In the third, even though Columbus was on the power play, Rask thought he had sealed off the strong-side post when Foligno pulled the puck toward the net. His lead pad was flush to the ice. Rask dropped his glove down to cover the opening above his pad. He leaned his left shoulder into the post. But somehow, after stopping Foligno’s first shot, Rask felt the puck roll over his left skate and into the net for the winner.

“The seal I chose to do there, I had it and the puck just goes through,’’ Rask said. “I think it just went over my skate there. Little gap there, so I’ve got to look at that. Frustrating the winning goal’s like that. But it happens.’’

Rask, however, had little help from his teammates in blunting Columbus’s first-period flurry. The Bruins killed off a Brandon Carlo holding penalty. But 11 seconds after Carlo left the box, the Bruins remained caught in their zone. Seth Jones stepped into a Scott Hartnell pass and hammered a short-range one-timer over Rask’s right shoulder at 8:48.

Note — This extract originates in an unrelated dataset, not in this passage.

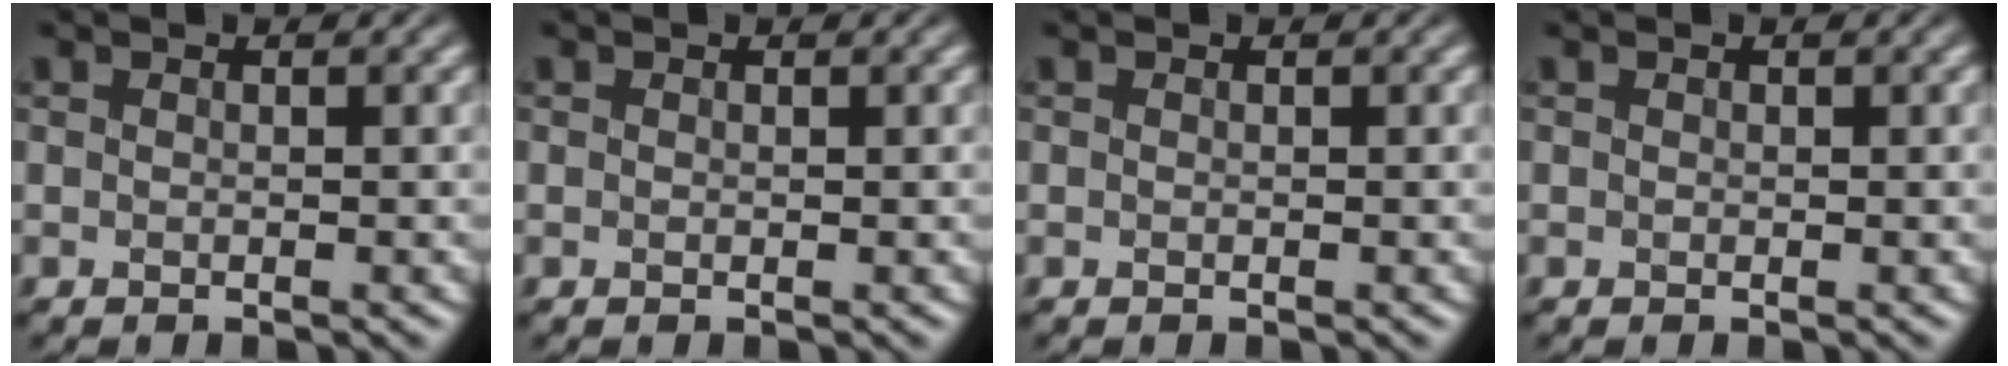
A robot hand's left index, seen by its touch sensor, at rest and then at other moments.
{"total": 0.6, "force": [-0.3, -0.4, -0.4], "torque": [-0.007, -0.002, 0.008]}
{"total": 0.7, "force": [-0.4, -0.3, -0.4], "torque": [-0.006, -0.003, 0.006]}
{"total": 0.7, "force": [-0.4, -0.4, -0.4], "torque": [-0.007, -0.003, 0.009]}

Less than a minute later, while the Bruins tried to clear the zone, the puck clanged off Spooner and back into Columbus’s possession. Rask stopped Matt Calvert’s first shot. But nobody cleared the rebound and Calvert drained his second attempt at 9:39, giving Columbus a 3-0 lead and setting off another howitzer from the Nationwide Arena cannon.

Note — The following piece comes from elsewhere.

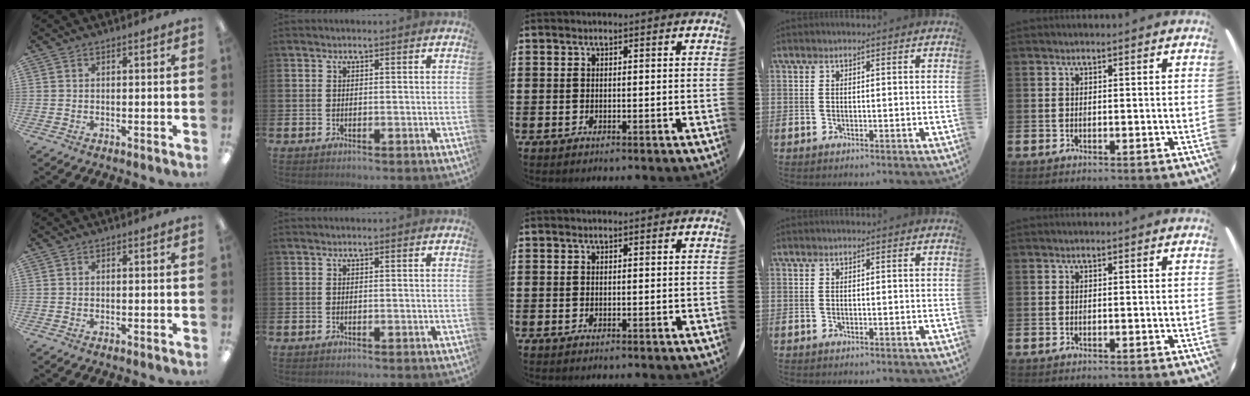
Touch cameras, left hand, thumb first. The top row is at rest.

“For some reason, we were playing at the end of our sticks,’’ Julien said. “We weren’t engaged in the game physically. It’s almost like once they got that jolt, it kind of got them going. Once we started playing the game, we realized how good we could be against this hockey club.’’

The second line started the rally. After strong wall work by Spooner and Krejci, Backes received his center’s dish and snapped a steamer over Bobrovsky at 11:05 of the first. Fifty-five seconds later, Austin Czarnik shoveled in a short-range shot, making it a 3-2 game.

The No. 2 line tied the game at 18:26 of the second. Backes gained the zone with speed and dropped a pass to Spooner. Bobrovsky stopped Spooner’s shot, but Krejci put in the rebound, tying the game at 3-3.

Outside of the first 10 minutes, all three second-line forwards skated well. The break looked like it made the biggest difference for Krejci and Backes, who have appeared heavy-legged at times.

“David was really good to start with,’’ Julien said of Krejci. “I thought David was skating well to make things happen. I thought David Backes also seemed to have some good jump tonight. Spoons, after that first 10 minutes, where I thought he wasn’t there, he started playing. When he started playing, that line became a real good line for us.’’

But while the Jackets’ league-leading power play punched through, the Bruins didn’t produce on theirs. The Bruins went 0 for 3, including twice in the third following penalties to Cam Atkinson and Jones. Columbus has converted 27.1 percent of its man-advantage opportunities. The Bruins have scored on only 13.5 percent of theirs. It’s one reason the Bruins limped out of Columbus with no points.